Nesta semana do Dia Internacional da Mulher, o PSOL entrou com uma Ação de Descumprimento de Preceito Fundamental (ADPF) pela descriminalização do aborto até a 12ª semana de gravidez.

O partido argumenta junto ao Supremo Tribunal Federal que em 2015 meio milhão de mulheres no País colocaram em risco suas vidas ao se submeterem ao aborto clandestino. “A cidadania das mulheres está sendo violada pela criminalização”, diz a ex-deputada Luciana Genro (PSOL-RS), uma das apoiadoras da ação.

O PSOL também arrazoa que as razões jurídicas que criminalizaram o aborto são provenientes de um Código Penal de 1940 e são incompatíveis com a Constituição de 1988 no que se refere à dignidade da pessoa humana e cidadania. A ação questiona os artigos 124 (que pune com até três anos de detenção a mulher que praticar o aborto contra si mesma) e 126 (que prevê prisão por até quatro anos do profissional que realizar a interrupção da gravidez) do Código Penal por “violarem preceitos fundamentais” garantidos às mulheres.

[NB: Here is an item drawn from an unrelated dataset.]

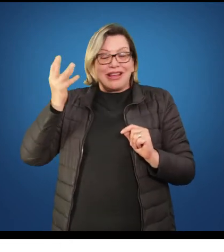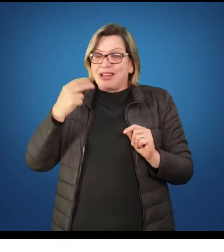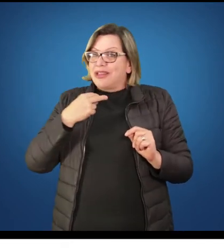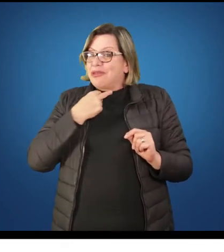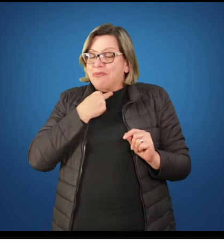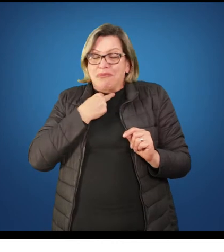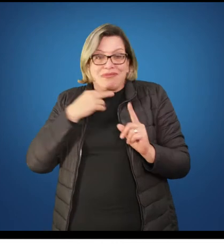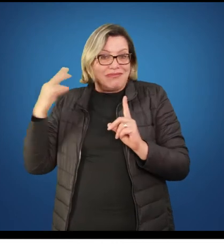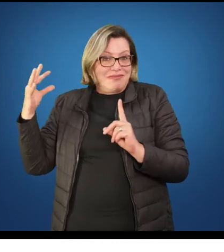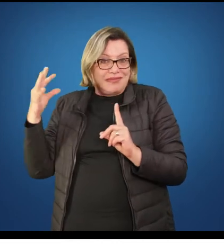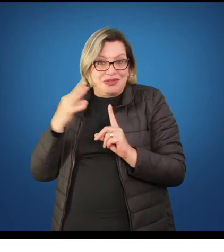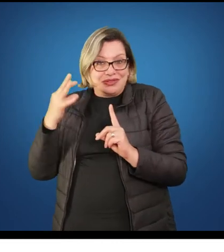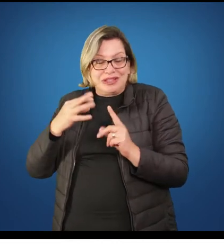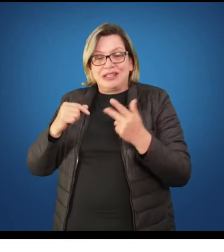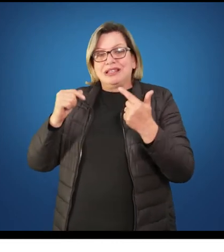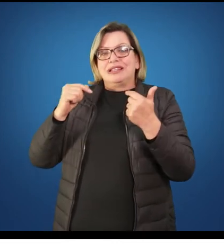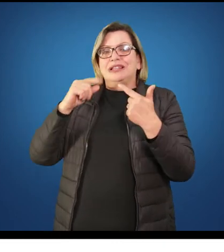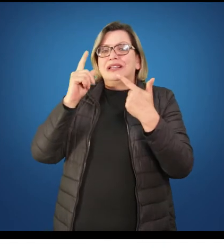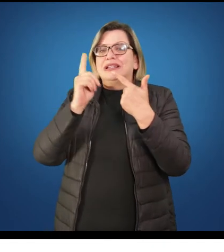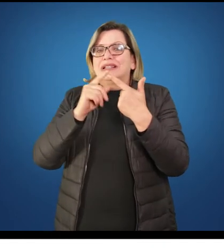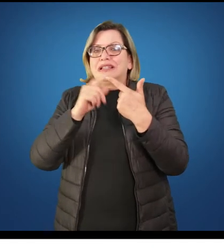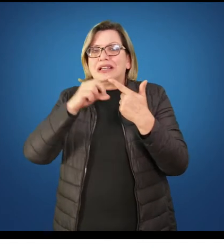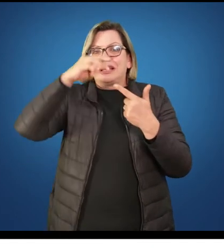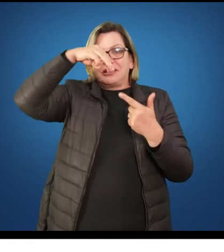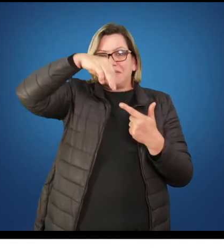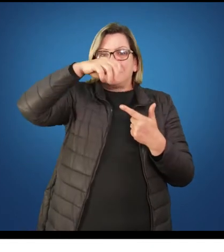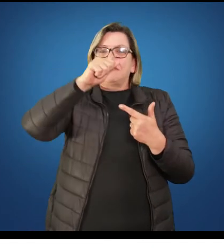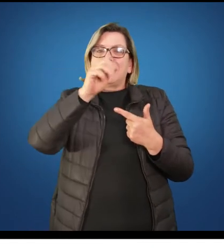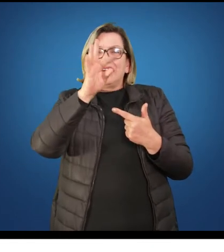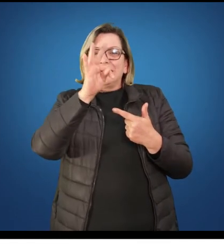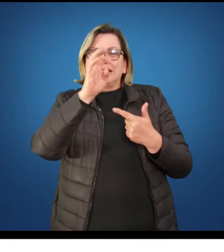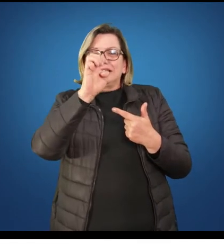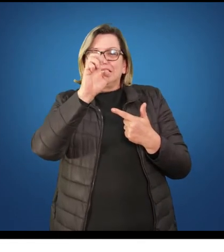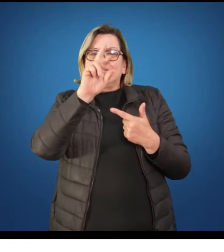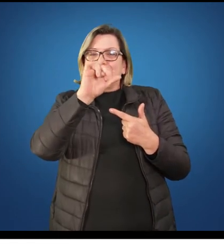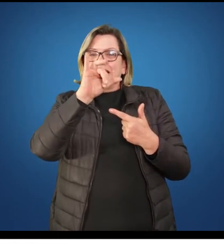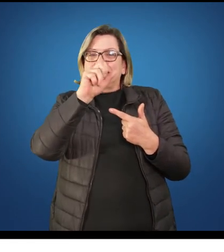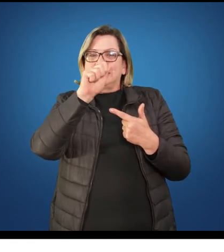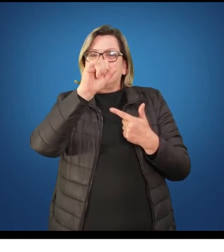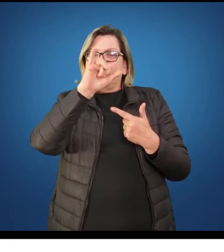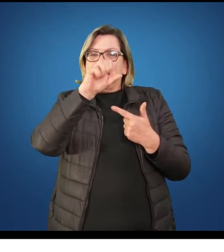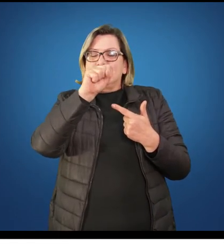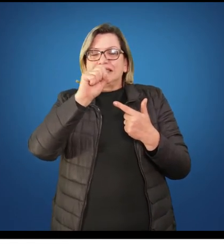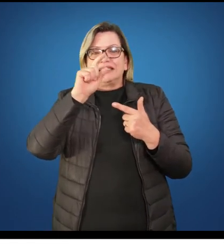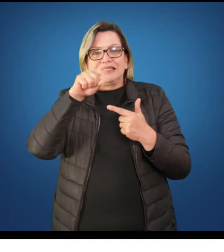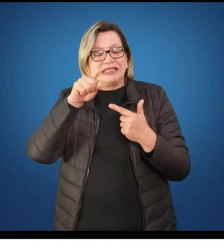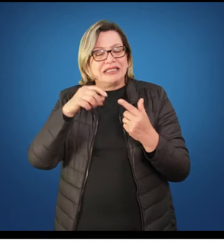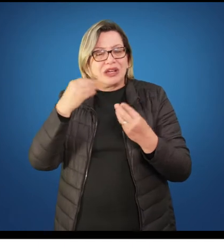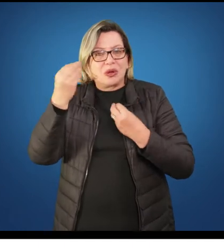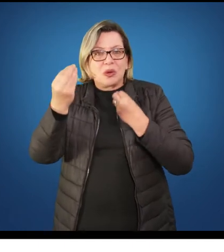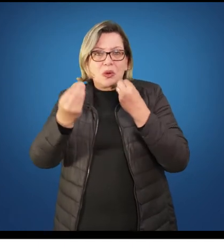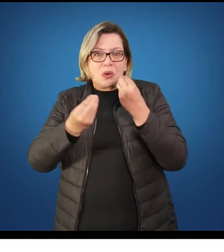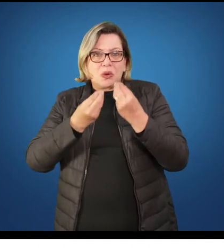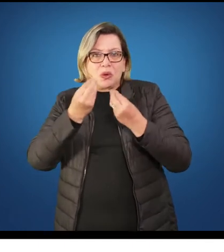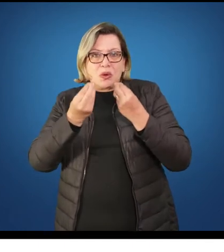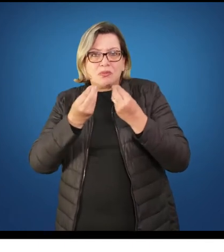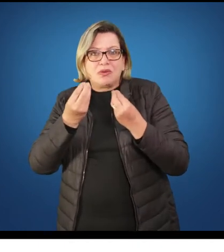forma de ser e na sua forma de agir. A gente costuma dizer que os biológicos, os fatores biológicos, eles são

“A despeito de todas as mulheres estarem potencialmente submetidas à proibição penal do aborto, a criminalização afeta desproporcionalmente mulheres negras e indígenas, pobres, de baixa escolaridade e que vivem distante de centros urbanos, onde os métodos para a realização de um aborto são mais inseguros do que aqueles utilizados por mulheres com maior acesso à informação e poder econômico, resultando em uma grave afronta ao princípio da não discriminação”, diz a petição.

Na ação, o PSOL pede que seja concedido liminar para suspender prisões em flagrante, inquéritos policiais e andamento de processos cujas decisões judiciais se basearam nos artigos 124 e 126 do Código Penal.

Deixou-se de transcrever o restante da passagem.